Les "bohémiens" au Pays Basque ou un racisme sans communauté
En 2006 peut-on dire qu’il existe des "Bohémiens" au Pays Basque ? Si l’on en croit les injures et stigmatisations oui. Si l’on parle de l’existence d’une communauté particulière qui descendrait de Roms sédentarisés au XVe siècle, rien n’est moins sûr
"Fils de p... ! fils de bohémiens !" C’est l’une des insultes qui a été proférée au collège de la Citadelle à Saint-Jean-Pied-de-Port. Cette année scolaire. L’injure perdure au début du XXIe siècle au Pays Basque. Pour autant les bohémiens existent-ils aujourd’hui comme communauté ? Rien n’est moins sûr. Ceux qui sont qualifiés comme tels seraient des descendants des Tziganes sédentarisés depuis le XVe siècle au Pays Basque ? La formulation a de quoi surprendre. La génétique des populations a eu son heure de gloire au XIXe siècle. C’est désormais une "science" douteuse.Si l’on interroge par exemple des élus garaztar comme le maire d’Ispoure, ou le conseiller général François Maitia, la réponse est invariable: "en France il n’y a pas de bohémiens, il n’y a que des citoyens". Cela a le mérite de la simplicité. Mais dès lors, aucune communauté, aucune identité culturelle n’existe. Ce qui est certain c’est que dans les représentations collectives au Pays Basque, la commune d’Ispoure a la réputation d’être un village où résident des "bohémiens". "Je ne connais personne qui dit je suis bohémien" indique pour sa part Louis Grangé, professeur des écoles à Ispoure. Un groupe, quel qu’il soit, et en particulier un groupe ethnique, peut difficilement exister sans une auto-définition. Les chercheurs contemporains en sciences sociales convergent sur cette idée.

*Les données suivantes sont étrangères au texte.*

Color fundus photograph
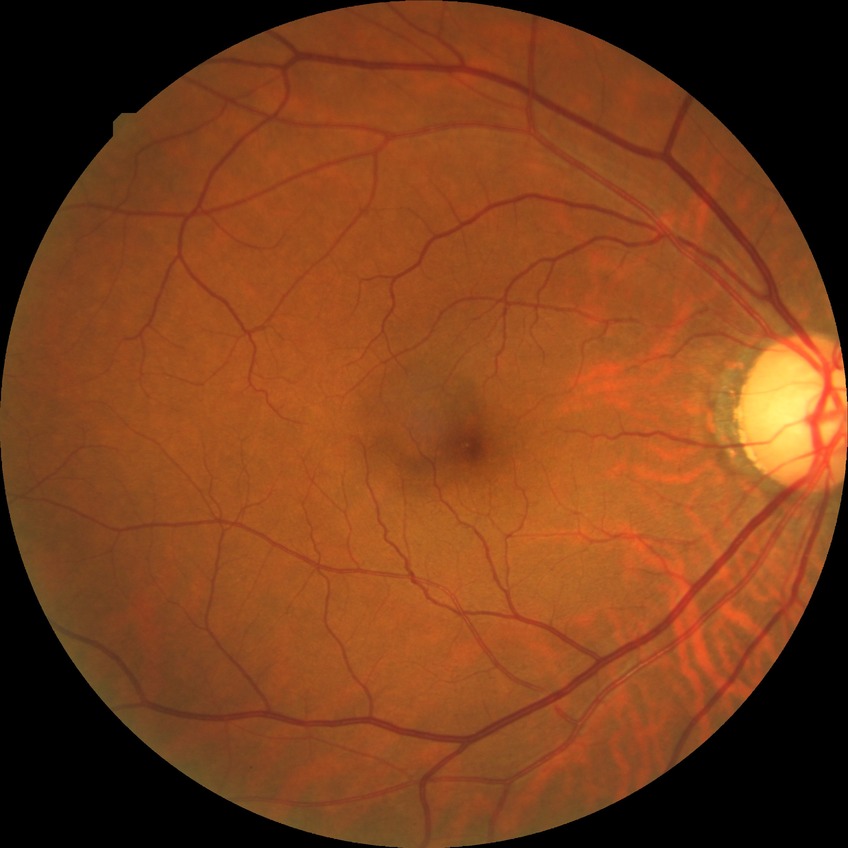

Diabetic retinopathy (DR) is no diabetic retinopathy (NDR).

L’instituteur s’étonne d’ailleurs qu’on lui pose la question de l’existence de bohémiens. Pour L. Grangé "c’est un préjugé qui n’existe que dans la tête de celui qui l’emploie". "C’est un terme injurieux qui ethnicise une population à cause de son origine sociale." Soit une ethnicisation des rapports sociaux. Un racisme. Et plus précisément un racisme de classe. On retrouve là l’idée qu’en langue basque le terme buhamia servirait aujourd’hui d’équivalent de cas soc’ [cas social] en français. Le terme n’existe alors que comme moyen de stigmatisation d’un sous-prolétariat rural.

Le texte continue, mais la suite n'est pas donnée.